**Exercise data**
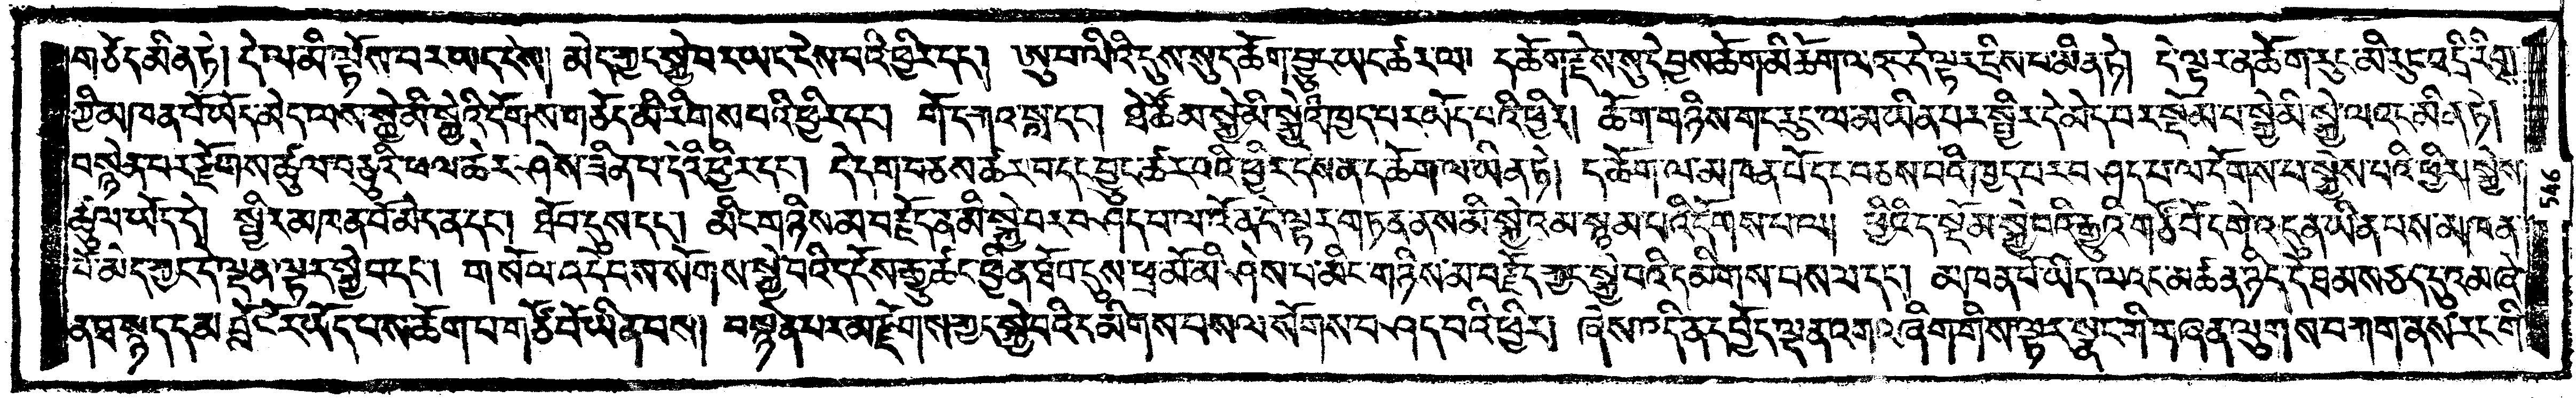གཅོད་མིན་ཏེ། དེ་ལ་མི་ལྟོས་བར་ཡང་ངེས། མེད་ཀྱང་སྐྱེ་བར་ཡང་ངེས་པའི་ཕྱིར་དང་། ཨུ་པ་ལིའི་དུས་སུ་ད་ཆོག་བྱུང་ཡང་ཚར་ལ། ད་ཆོག་རྗེས་སུ་དེ་བྱས་ཆོག་མི་ཆོག་ལའང་དེ་ལྟར་དྲིས་བ་མིན་ཏེ། དེ་ལྟར་ན་ཆོག་རུང་མི་རུང་འདྲི་རིགས་
ཀྱི་མཁན་པོ་ཡོད་མེད་ལས་སྐྱེ་མི་སྐྱེའི་དོགས་གཅོད་མི་རིགས་པའི་ཕྱིར་དང་། གོ་དཀའ་སླ་དང་། ཐེ་ཚོམ་སྐྱེ་མི་སྐྱེའི་ཁྱད་པར་ཡོད་པའི་ཕྱིར། ཆོག་གཉིས་གང་རུང་ལ་མ་ཡིན་པར་སྤྱིར་དེ་མེད་པར་སྔོམ་པ་སྐྱེ་མི་སྐྱེ་ལའང་མིན་ཏེ།
བསྙེན་པར་རྫོགས་ཚུལ་བཅུའི་ཕལ་ཆེར་ཤེས་ཟིན་པ་དེའི་ཕྱིར་དང་། དེ་དག་བཅས་ཚར་བ་དང་བྱུང་ཚར་བའི་ཕྱིར་དེས་ན་ད་ཆོག་ལ་ཡིན་ཏེ། ད་ཆོག་ལ་མཁན་པོ་དང་བཅས་པའི་ཁྱད་པར་བཤད་པ་ལ་དོགས་པ་སྐྱེས་པའི་ཕྱིར། སྐྱེས་
ཚུལ་ཡོད་དེ། སྤྱིར་མཁན་བོ་མེད་ན་དང་། ཐོབ་དུས་དང་། མིང་གཉིས་མ་བརྗོད་ན་མི་སྐྱེ་བར་བཤད་པ་ལ་འོན་དེ་ལྟར་གཏན་ནས་མི་སྐྱེའམ་སྙམ་པའི་དོགས་པ་ལ། ཕྱིར་འོད་སྔོམ་སྐྱེ་བའི་རྒྱུའི་གཙོ་བོ་དགེ་འདུན་ཡིན་པས་མཁན་
པོ་མེད་ཀྱང་དེ་ལྡན་ལྟར་སྐྱེ་བ་དང་། གསོལ་འདེབས་སོགས་སྐྱེ་བའི་དངོས་རྒྱུ་ཚང་ཕྱིན་ཐོབ་དུས་ཕྲ་མོ་མི་ཤེས་པ་མིང་གཉིས་མ་བརྗོད་ཀྱང་སྐྱེ་བའི་དམིགས་བསལ་དང་། མཁན་པོ་ཡོད་ལའང་མཚན་ཉིད་དེ་ཐམས་ཅད་དུའམ་ཞེ་
ན་ཐ་སྙད་དམ་བློ་ངོར་ཡོད་པས་ཆོག་པ་གཙོ་བོ་ཡིན་པས། བསྙེན་པར་མ་རྫོགས་ཀྱང་སྐྱེ་བའི་དམིགས་བསལ་སོགས་བཤད་པའི་ཕྱིར། ཞེས་འདི་ན་དཔྱོད་ལྡན་འགའ་ཞིག་གིས་ལྟར་སྣང་གི་གཞན་ལུགས་བཀག་ནས་རང་གི་
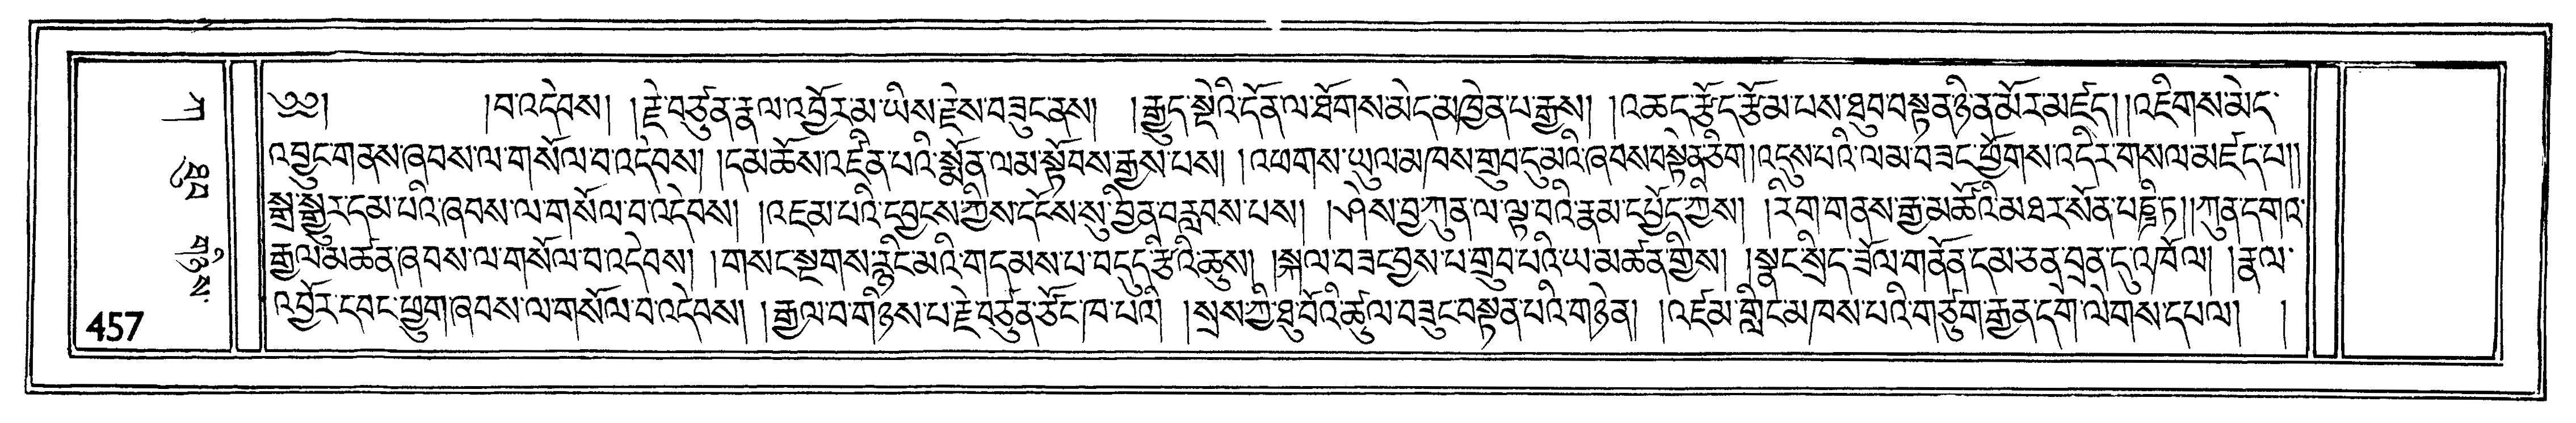༄༅། །བ་འདེབས། །རྗེ་བཙུན་རྣལ་འབྱོར་མ་ཡིས་རྗེས་བཟུང་ནས། །རྒྱུད་སྡེའི་དོན་ལ་ཐོགས་མེད་མཁྱེན་པ་རྒྱས། །འཆད་རྩོད་རྩོམ་པས་ཐུབ་བསྟན་ཉིན་མོར་མཛད། །འཇིགས་མེད་
འབྱུང་གནས་ཞབས་ལ་གསོལ་བ་འདེབས། །དམ་ཆོས་འཛིན་པའི་སྨོན་ལམ་སྟོབས་རྒྱས་པས། །འཕགས་ཡུལ་མཁས་གྲུབ་དུ་མའི་ཞབས་བསྟེན་ཅིག །འདུས་པའི་ལམ་བཟང་ཕྱོགས་འདིར་གསལ་མཛད་པ། །
སྒྲ་སྒྱུར་དམ་པའི་ཞབས་ལ་གསོལ་བ་འདེབས། །འཇམ་པའི་དབྱངས་ཀྱིས་དངོས་སུ་བྱིན་བརླབས་པས། །ཤེས་བྱ་ཀུན་ལ་ལྟ་བའི་རྣམ་དཔྱོད་ཀྱིས། །རིག་གནས་རྒྱ་མཚོའི་མཐར་སོན་པཎྜི་ཏ། །ཀུན་དགའ་
རྒྱལ་མཚན་ཞབས་ལ་གསོལ་བ་འདེབས། །གསང་སྔགས་རྙིང་མའི་གདམས་པ་བདུད་རྩིའི་ཆུས། །སྐལ་བཟང་བྱས་པ་གྲུབ་པའི་ཡ་མཚན་གྱིས། །སྣང་སྲིད་ཟོལ་གནོན་དམ་ཅན་བྲན་དུ་འཁོལ། །རྣལ་
འབྱོར་དབང་ཕྱུག་ཞབས་ལ་གསོལ་བ་འདེབས། །རྒྱལ་བ་གཉིས་པ་རྗེ་བཙུན་ཙོང་ཁ་པའི། །སྲས་ཀྱི་ཐུ་བོའི་ཚུལ་བཟུང་བསྟན་པའི་གཉེན། །འཛམ་གླིང་མཁས་པའི་གཙུག་རྒྱན་དགེ་ལེགས་དཔལ། །

**Exercise prompt**
Would you reproduce the records exactly as they stand, but without the pictures?

**Exercise result**
གཅོད་མིན་ཏེ། དེ་ལ་མི་ལྟོས་བར་ཡང་ངེས། མེད་ཀྱང་སྐྱེ་བར་ཡང་ངེས་པའི་ཕྱིར་དང་། ཨུ་པ་ལིའི་དུས་སུ་ད་ཆོག་བྱུང་ཡང་ཚར་ལ། ད་ཆོག་རྗེས་སུ་དེ་བྱས་ཆོག་མི་ཆོག་ལའང་དེ་ལྟར་དྲིས་བ་མིན་ཏེ། དེ་ལྟར་ན་ཆོག་རུང་མི་རུང་འདྲི་རིགས་
ཀྱི་མཁན་པོ་ཡོད་མེད་ལས་སྐྱེ་མི་སྐྱེའི་དོགས་གཅོད་མི་རིགས་པའི་ཕྱིར་དང་། གོ་དཀའ་སླ་དང་། ཐེ་ཚོམ་སྐྱེ་མི་སྐྱེའི་ཁྱད་པར་ཡོད་པའི་ཕྱིར། ཆོག་གཉིས་གང་རུང་ལ་མ་ཡིན་པར་སྤྱིར་དེ་མེད་པར་སྔོམ་པ་སྐྱེ་མི་སྐྱེ་ལའང་མིན་ཏེ།
བསྙེན་པར་རྫོགས་ཚུལ་བཅུའི་ཕལ་ཆེར་ཤེས་ཟིན་པ་དེའི་ཕྱིར་དང་། དེ་དག་བཅས་ཚར་བ་དང་བྱུང་ཚར་བའི་ཕྱིར་དེས་ན་ད་ཆོག་ལ་ཡིན་ཏེ། ད་ཆོག་ལ་མཁན་པོ་དང་བཅས་པའི་ཁྱད་པར་བཤད་པ་ལ་དོགས་པ་སྐྱེས་པའི་ཕྱིར། སྐྱེས་
ཚུལ་ཡོད་དེ། སྤྱིར་མཁན་བོ་མེད་ན་དང་། ཐོབ་དུས་དང་། མིང་གཉིས་མ་བརྗོད་ན་མི་སྐྱེ་བར་བཤད་པ་ལ་འོན་དེ་ལྟར་གཏན་ནས་མི་སྐྱེའམ་སྙམ་པའི་དོགས་པ་ལ། ཕྱིར་འོད་སྔོམ་སྐྱེ་བའི་རྒྱུའི་གཙོ་བོ་དགེ་འདུན་ཡིན་པས་མཁན་
པོ་མེད་ཀྱང་དེ་ལྡན་ལྟར་སྐྱེ་བ་དང་། གསོལ་འདེབས་སོགས་སྐྱེ་བའི་དངོས་རྒྱུ་ཚང་ཕྱིན་ཐོབ་དུས་ཕྲ་མོ་མི་ཤེས་པ་མིང་གཉིས་མ་བརྗོད་ཀྱང་སྐྱེ་བའི་དམིགས་བསལ་དང་། མཁན་པོ་ཡོད་ལའང་མཚན་ཉིད་དེ་ཐམས་ཅད་དུའམ་ཞེ་
ན་ཐ་སྙད་དམ་བློ་ངོར་ཡོད་པས་ཆོག་པ་གཙོ་བོ་ཡིན་པས། བསྙེན་པར་མ་རྫོགས་ཀྱང་སྐྱེ་བའི་དམིགས་བསལ་སོགས་བཤད་པའི་ཕྱིར། ཞེས་འདི་ན་དཔྱོད་ལྡན་འགའ་ཞིག་གིས་ལྟར་སྣང་གི་གཞན་ལུགས་བཀག་ནས་རང་གི་
༄༅། །བ་འདེབས། །རྗེ་བཙུན་རྣལ་འབྱོར་མ་ཡིས་རྗེས་བཟུང་ནས། །རྒྱུད་སྡེའི་དོན་ལ་ཐོགས་མེད་མཁྱེན་པ་རྒྱས། །འཆད་རྩོད་རྩོམ་པས་ཐུབ་བསྟན་ཉིན་མོར་མཛད། །འཇིགས་མེད་
འབྱུང་གནས་ཞབས་ལ་གསོལ་བ་འདེབས། །དམ་ཆོས་འཛིན་པའི་སྨོན་ལམ་སྟོབས་རྒྱས་པས། །འཕགས་ཡུལ་མཁས་གྲུབ་དུ་མའི་ཞབས་བསྟེན་ཅིག །འདུས་པའི་ལམ་བཟང་ཕྱོགས་འདིར་གསལ་མཛད་པ། །
སྒྲ་སྒྱུར་དམ་པའི་ཞབས་ལ་གསོལ་བ་འདེབས། །འཇམ་པའི་དབྱངས་ཀྱིས་དངོས་སུ་བྱིན་བརླབས་པས། །ཤེས་བྱ་ཀུན་ལ་ལྟ་བའི་རྣམ་དཔྱོད་ཀྱིས། །རིག་གནས་རྒྱ་མཚོའི་མཐར་སོན་པཎྜི་ཏ། །ཀུན་དགའ་
རྒྱལ་མཚན་ཞབས་ལ་གསོལ་བ་འདེབས། །གསང་སྔགས་རྙིང་མའི་གདམས་པ་བདུད་རྩིའི་ཆུས། །སྐལ་བཟང་བྱས་པ་གྲུབ་པའི་ཡ་མཚན་གྱིས། །སྣང་སྲིད་ཟོལ་གནོན་དམ་ཅན་བྲན་དུ་འཁོལ། །རྣལ་
འབྱོར་དབང་ཕྱུག་ཞབས་ལ་གསོལ་བ་འདེབས། །རྒྱལ་བ་གཉིས་པ་རྗེ་བཙུན་ཙོང་ཁ་པའི། །སྲས་ཀྱི་ཐུ་བོའི་ཚུལ་བཟུང་བསྟན་པའི་གཉེན། །འཛམ་གླིང་མཁས་པའི་གཙུག་རྒྱན་དགེ་ལེགས་དཔལ། །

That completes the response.